Saved entries:
###

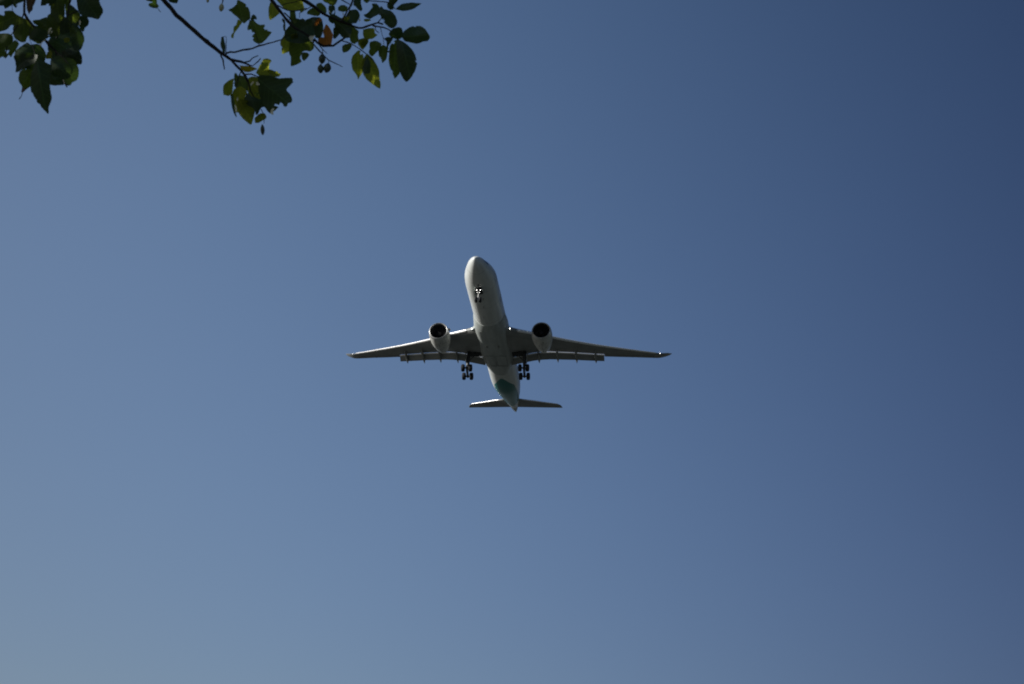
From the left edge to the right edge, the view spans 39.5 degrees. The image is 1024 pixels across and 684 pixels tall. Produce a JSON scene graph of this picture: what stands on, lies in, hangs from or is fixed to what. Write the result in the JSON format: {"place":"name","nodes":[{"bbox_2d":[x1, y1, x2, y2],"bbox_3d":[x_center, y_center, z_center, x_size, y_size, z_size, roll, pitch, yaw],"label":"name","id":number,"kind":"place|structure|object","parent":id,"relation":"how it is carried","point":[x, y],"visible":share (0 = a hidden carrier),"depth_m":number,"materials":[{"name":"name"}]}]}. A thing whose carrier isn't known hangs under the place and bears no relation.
{"place":"outdoors","nodes":[
{"label":"outdoors","id":0,"kind":"place"},
{"bbox_2d":[346,256,671,411],"bbox_3d":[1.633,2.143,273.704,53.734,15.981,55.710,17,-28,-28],"label":"airliner","id":1,"kind":"object","parent":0,"point":[493,341],"visible":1,"depth_m":265.28,"materials":[{"name":"paint"}]},
{"bbox_2d":[0,0,1023,683],"label":"sky","id":2,"kind":"structure","parent":0,"point":[814,207],"materials":[{"name":"blue"}]},
{"label":"ground","id":3,"kind":"structure","parent":0,"visible":0},
{"bbox_2d":[0,0,429,134],"bbox_3d":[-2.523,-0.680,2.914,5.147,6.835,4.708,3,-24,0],"label":"broadleaf tree","id":4,"kind":"object","parent":3,"relation":"on","point":[266,88],"visible":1,"depth_m":4.45,"materials":[{"name":"green plant"}]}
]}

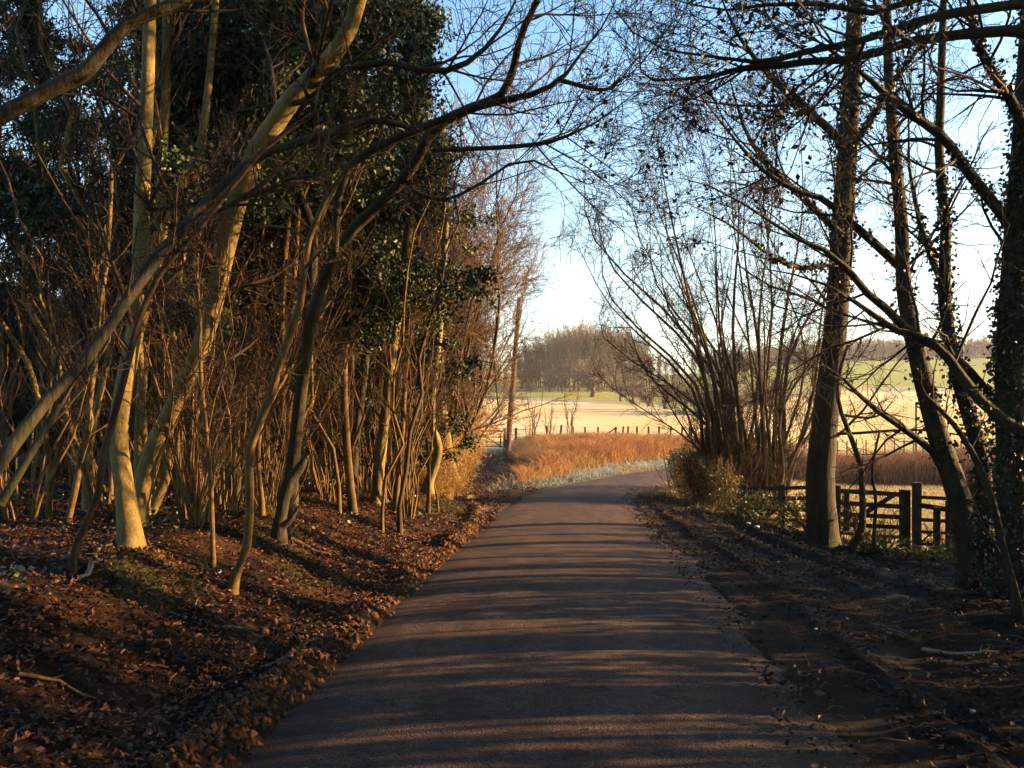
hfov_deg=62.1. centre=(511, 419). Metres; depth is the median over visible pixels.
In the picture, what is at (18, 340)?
sapling
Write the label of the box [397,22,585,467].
bare tree
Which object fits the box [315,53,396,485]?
sapling
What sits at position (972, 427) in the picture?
ash tree
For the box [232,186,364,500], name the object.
ash tree
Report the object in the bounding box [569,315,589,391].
woodland tree
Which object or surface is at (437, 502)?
sapling
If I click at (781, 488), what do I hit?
rail fence
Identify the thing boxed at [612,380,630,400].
orchard tree
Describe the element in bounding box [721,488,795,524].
bramble patch
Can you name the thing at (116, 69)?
holly tree
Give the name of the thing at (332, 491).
coppice stool
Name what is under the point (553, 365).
woodland tree
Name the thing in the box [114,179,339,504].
coppice stool
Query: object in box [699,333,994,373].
hill woodland
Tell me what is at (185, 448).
coppice stool
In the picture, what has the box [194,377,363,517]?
coppice stool
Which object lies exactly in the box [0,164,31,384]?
sapling
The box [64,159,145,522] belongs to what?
hazel tree
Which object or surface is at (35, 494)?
coppice stool
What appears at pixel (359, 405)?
sapling
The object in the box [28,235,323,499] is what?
coppice stool
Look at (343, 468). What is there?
sapling
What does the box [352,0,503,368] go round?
holly tree
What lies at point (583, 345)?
woodland tree
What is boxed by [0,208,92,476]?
coppice stool
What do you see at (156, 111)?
sapling
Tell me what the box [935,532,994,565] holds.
bramble patch
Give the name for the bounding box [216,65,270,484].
sapling
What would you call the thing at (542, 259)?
bare tree
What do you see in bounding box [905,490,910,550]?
gate post
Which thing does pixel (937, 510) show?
rail fence
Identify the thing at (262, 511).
sapling
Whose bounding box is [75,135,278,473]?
coppice stool
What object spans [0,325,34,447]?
holly tree
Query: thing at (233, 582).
hazel tree
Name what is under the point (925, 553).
bramble patch
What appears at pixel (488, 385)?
bare tree
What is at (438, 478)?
thicket
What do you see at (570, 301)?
sky
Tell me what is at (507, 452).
utility pole
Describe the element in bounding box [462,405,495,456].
thicket
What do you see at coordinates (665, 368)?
woodland tree
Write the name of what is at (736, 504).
dead stems
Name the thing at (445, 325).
sapling
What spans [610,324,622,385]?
woodland tree
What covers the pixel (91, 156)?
sapling
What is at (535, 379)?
woodland tree
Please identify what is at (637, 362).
woodland tree
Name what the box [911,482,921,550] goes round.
gate post
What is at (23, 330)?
sapling
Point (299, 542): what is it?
fallen branch
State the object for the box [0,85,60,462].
sapling
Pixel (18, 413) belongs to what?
holly tree
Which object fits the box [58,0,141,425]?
sapling
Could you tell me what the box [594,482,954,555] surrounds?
verge grass
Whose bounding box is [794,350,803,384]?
woodland tree
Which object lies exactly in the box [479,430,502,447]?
track gate
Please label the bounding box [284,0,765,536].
hazel tree
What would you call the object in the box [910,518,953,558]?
dead stems
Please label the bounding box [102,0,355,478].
holly tree
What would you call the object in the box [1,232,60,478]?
sapling
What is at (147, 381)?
coppice stool
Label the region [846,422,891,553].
sapling
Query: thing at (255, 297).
sapling
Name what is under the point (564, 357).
woodland tree
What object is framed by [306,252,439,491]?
coppice stool
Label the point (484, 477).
track litter
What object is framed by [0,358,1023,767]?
ground
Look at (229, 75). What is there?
holly tree
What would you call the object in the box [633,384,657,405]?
orchard tree
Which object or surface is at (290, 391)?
ash tree
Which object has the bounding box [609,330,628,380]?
woodland tree
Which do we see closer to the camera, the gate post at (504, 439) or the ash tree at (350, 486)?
the ash tree at (350, 486)
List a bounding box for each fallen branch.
[18,672,95,698]
[72,558,102,580]
[90,540,112,557]
[215,625,259,637]
[290,537,331,556]
[872,623,919,639]
[921,645,998,655]
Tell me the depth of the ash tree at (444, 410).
18.93 m
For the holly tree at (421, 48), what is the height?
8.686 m
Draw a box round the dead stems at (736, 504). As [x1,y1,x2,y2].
[724,495,750,514]
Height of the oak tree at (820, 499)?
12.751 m
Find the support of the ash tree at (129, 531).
on the ground at (602, 410)
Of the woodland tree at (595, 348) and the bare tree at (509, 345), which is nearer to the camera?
the bare tree at (509, 345)
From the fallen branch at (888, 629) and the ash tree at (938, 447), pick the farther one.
the ash tree at (938, 447)
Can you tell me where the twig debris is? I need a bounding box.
[0,484,1023,767]
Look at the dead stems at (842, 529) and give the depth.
15.95 m
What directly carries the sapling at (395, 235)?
on the ground at (602, 410)
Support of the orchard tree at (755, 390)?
on the ground at (602, 410)
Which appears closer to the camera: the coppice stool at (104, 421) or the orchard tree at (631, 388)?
the coppice stool at (104, 421)
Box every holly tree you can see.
[0,0,106,471]
[0,0,331,502]
[0,261,46,450]
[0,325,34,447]
[1,361,54,455]
[9,106,158,467]
[13,311,55,465]
[16,0,234,359]
[22,295,158,478]
[25,368,99,462]
[81,343,189,444]
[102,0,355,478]
[114,0,451,505]
[119,4,393,482]
[183,269,372,482]
[210,288,372,479]
[264,0,508,499]
[272,306,473,468]
[307,302,481,469]
[333,324,469,480]
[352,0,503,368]
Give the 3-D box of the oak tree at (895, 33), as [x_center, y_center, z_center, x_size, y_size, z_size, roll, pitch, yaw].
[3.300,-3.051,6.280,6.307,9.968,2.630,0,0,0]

###

Images are to be left out when the records above are written out again exactly.

From the left edge to the right edge, the view spans 39.5 degrees. The image is 1024 pixels across and 684 pixels tall. Produce a JSON scene graph of this picture: what stands on, lies in, hangs from or is fixed to what. Write the result in the JSON format: {"place":"name","nodes":[{"bbox_2d":[x1, y1, x2, y2],"bbox_3d":[x_center, y_center, z_center, x_size, y_size, z_size, roll, pitch, yaw],"label":"name","id":number,"kind":"place|structure|object","parent":id,"relation":"how it is carried","point":[x, y],"visible":share (0 = a hidden carrier),"depth_m":number,"materials":[{"name":"name"}]}]}. A thing whose carrier isn't known hangs under the place and bears no relation.
{"place":"outdoors","nodes":[
{"label":"outdoors","id":0,"kind":"place"},
{"bbox_2d":[346,256,671,411],"bbox_3d":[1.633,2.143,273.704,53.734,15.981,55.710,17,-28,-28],"label":"airliner","id":1,"kind":"object","parent":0,"point":[493,341],"visible":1,"depth_m":265.28,"materials":[{"name":"paint"}]},
{"bbox_2d":[0,0,1023,683],"label":"sky","id":2,"kind":"structure","parent":0,"point":[814,207],"materials":[{"name":"blue"}]},
{"label":"ground","id":3,"kind":"structure","parent":0,"visible":0},
{"bbox_2d":[0,0,429,134],"bbox_3d":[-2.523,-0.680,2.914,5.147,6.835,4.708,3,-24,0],"label":"broadleaf tree","id":4,"kind":"object","parent":3,"relation":"on","point":[266,88],"visible":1,"depth_m":4.45,"materials":[{"name":"green plant"}]}
]}

hfov_deg=62.1. centre=(511, 419). Metres; depth is the median over visible pixels.
In the picture, what is at (18, 340)?
sapling
Write the label of the box [397,22,585,467].
bare tree
Which object fits the box [315,53,396,485]?
sapling
What sits at position (972, 427) in the picture?
ash tree
For the box [232,186,364,500], name the object.
ash tree
Report the object in the bounding box [569,315,589,391].
woodland tree
Which object or surface is at (437, 502)?
sapling
If I click at (781, 488), what do I hit?
rail fence
Identify the thing boxed at [612,380,630,400].
orchard tree
Describe the element in bounding box [721,488,795,524].
bramble patch
Can you name the thing at (116, 69)?
holly tree
Give the name of the thing at (332, 491).
coppice stool
Name what is under the point (553, 365).
woodland tree
Name the thing in the box [114,179,339,504].
coppice stool
Query: object in box [699,333,994,373].
hill woodland
Tell me what is at (185, 448).
coppice stool
In the picture, what has the box [194,377,363,517]?
coppice stool
Which object lies exactly in the box [0,164,31,384]?
sapling
The box [64,159,145,522] belongs to what?
hazel tree
Which object or surface is at (35, 494)?
coppice stool
What appears at pixel (359, 405)?
sapling
The object in the box [28,235,323,499] is what?
coppice stool
Look at (343, 468). What is there?
sapling
What does the box [352,0,503,368] go round?
holly tree
What lies at point (583, 345)?
woodland tree
What is boxed by [0,208,92,476]?
coppice stool
What do you see at (156, 111)?
sapling
Tell me what the box [935,532,994,565] holds.
bramble patch
Give the name for the bounding box [216,65,270,484].
sapling
What would you call the thing at (542, 259)?
bare tree
What do you see in bounding box [905,490,910,550]?
gate post
Which thing does pixel (937, 510) show?
rail fence
Identify the thing at (262, 511).
sapling
Whose bounding box is [75,135,278,473]?
coppice stool
What object spans [0,325,34,447]?
holly tree
Query: thing at (233, 582).
hazel tree
Name what is under the point (925, 553).
bramble patch
What appears at pixel (488, 385)?
bare tree
What is at (438, 478)?
thicket
What do you see at (570, 301)?
sky
Tell me what is at (507, 452).
utility pole
Describe the element in bounding box [462,405,495,456].
thicket
What do you see at coordinates (665, 368)?
woodland tree
Write the name of what is at (736, 504).
dead stems
Name the thing at (445, 325).
sapling
What spans [610,324,622,385]?
woodland tree
What covers the pixel (91, 156)?
sapling
What is at (535, 379)?
woodland tree
Please identify what is at (637, 362).
woodland tree
Name what the box [911,482,921,550] goes round.
gate post
What is at (23, 330)?
sapling
Point (299, 542): what is it?
fallen branch
State the object for the box [0,85,60,462].
sapling
Pixel (18, 413) belongs to what?
holly tree
Which object fits the box [58,0,141,425]?
sapling
Could you tell me what the box [594,482,954,555] surrounds?
verge grass
Whose bounding box is [794,350,803,384]?
woodland tree
Which object lies exactly in the box [479,430,502,447]?
track gate
Please label the bounding box [284,0,765,536].
hazel tree
What would you call the object in the box [910,518,953,558]?
dead stems
Please label the bounding box [102,0,355,478].
holly tree
What would you call the object in the box [1,232,60,478]?
sapling
What is at (147, 381)?
coppice stool
Label the region [846,422,891,553].
sapling
Query: thing at (255, 297).
sapling
Name what is under the point (564, 357).
woodland tree
What object is framed by [306,252,439,491]?
coppice stool
Label the point (484, 477).
track litter
What object is framed by [0,358,1023,767]?
ground
Look at (229, 75). What is there?
holly tree
What would you call the object in the box [633,384,657,405]?
orchard tree
Which object or surface is at (290, 391)?
ash tree
Which object has the bounding box [609,330,628,380]?
woodland tree
Which do we see closer to the camera, the gate post at (504, 439) or the ash tree at (350, 486)?
the ash tree at (350, 486)
List a bounding box for each fallen branch.
[18,672,95,698]
[72,558,102,580]
[90,540,112,557]
[215,625,259,637]
[290,537,331,556]
[872,623,919,639]
[921,645,998,655]
Tell me the depth of the ash tree at (444, 410).
18.93 m
For the holly tree at (421, 48), what is the height?
8.686 m
Draw a box round the dead stems at (736, 504). As [x1,y1,x2,y2].
[724,495,750,514]
Height of the oak tree at (820, 499)?
12.751 m
Find the support of the ash tree at (129, 531).
on the ground at (602, 410)
Of the woodland tree at (595, 348) and the bare tree at (509, 345), which is nearer to the camera?
the bare tree at (509, 345)
From the fallen branch at (888, 629) and the ash tree at (938, 447), pick the farther one.
the ash tree at (938, 447)
Can you tell me where the twig debris is? I need a bounding box.
[0,484,1023,767]
Look at the dead stems at (842, 529) and give the depth.
15.95 m
What directly carries the sapling at (395, 235)?
on the ground at (602, 410)
Support of the orchard tree at (755, 390)?
on the ground at (602, 410)
Which appears closer to the camera: the coppice stool at (104, 421) or the orchard tree at (631, 388)?
the coppice stool at (104, 421)
Box every holly tree you can see.
[0,0,106,471]
[0,0,331,502]
[0,261,46,450]
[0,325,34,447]
[1,361,54,455]
[9,106,158,467]
[13,311,55,465]
[16,0,234,359]
[22,295,158,478]
[25,368,99,462]
[81,343,189,444]
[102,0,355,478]
[114,0,451,505]
[119,4,393,482]
[183,269,372,482]
[210,288,372,479]
[264,0,508,499]
[272,306,473,468]
[307,302,481,469]
[333,324,469,480]
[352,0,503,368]
Give the 3-D box of the oak tree at (895, 33), as [x_center, y_center, z_center, x_size, y_size, z_size, roll, pitch, yaw].
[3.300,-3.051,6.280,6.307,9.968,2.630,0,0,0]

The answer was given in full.